• _TASK TO COMPLETE_
Output the opening lines of the records exactly. End with the line that contains "Q: Monospaced? A: No.".

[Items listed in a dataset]
- - - - - - -

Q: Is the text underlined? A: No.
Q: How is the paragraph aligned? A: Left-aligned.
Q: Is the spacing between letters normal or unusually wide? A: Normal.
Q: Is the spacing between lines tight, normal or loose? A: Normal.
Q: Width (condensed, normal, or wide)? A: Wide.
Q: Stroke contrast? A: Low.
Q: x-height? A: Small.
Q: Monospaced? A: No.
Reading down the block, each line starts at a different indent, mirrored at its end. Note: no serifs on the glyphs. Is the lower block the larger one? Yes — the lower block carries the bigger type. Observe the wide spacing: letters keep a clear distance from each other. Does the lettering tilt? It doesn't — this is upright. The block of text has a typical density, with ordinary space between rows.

- - - - - - -

• _EXERCISE SOLUTION_
Q: Is the text underlined? A: No.
Q: How is the paragraph aligned? A: Left-aligned.
Q: Is the spacing between letters normal or unusually wide? A: Normal.
Q: Is the spacing between lines tight, normal or loose? A: Normal.
Q: Width (condensed, normal, or wide)? A: Wide.
Q: Stroke contrast? A: Low.
Q: x-height? A: Small.
Q: Monospaced? A: No.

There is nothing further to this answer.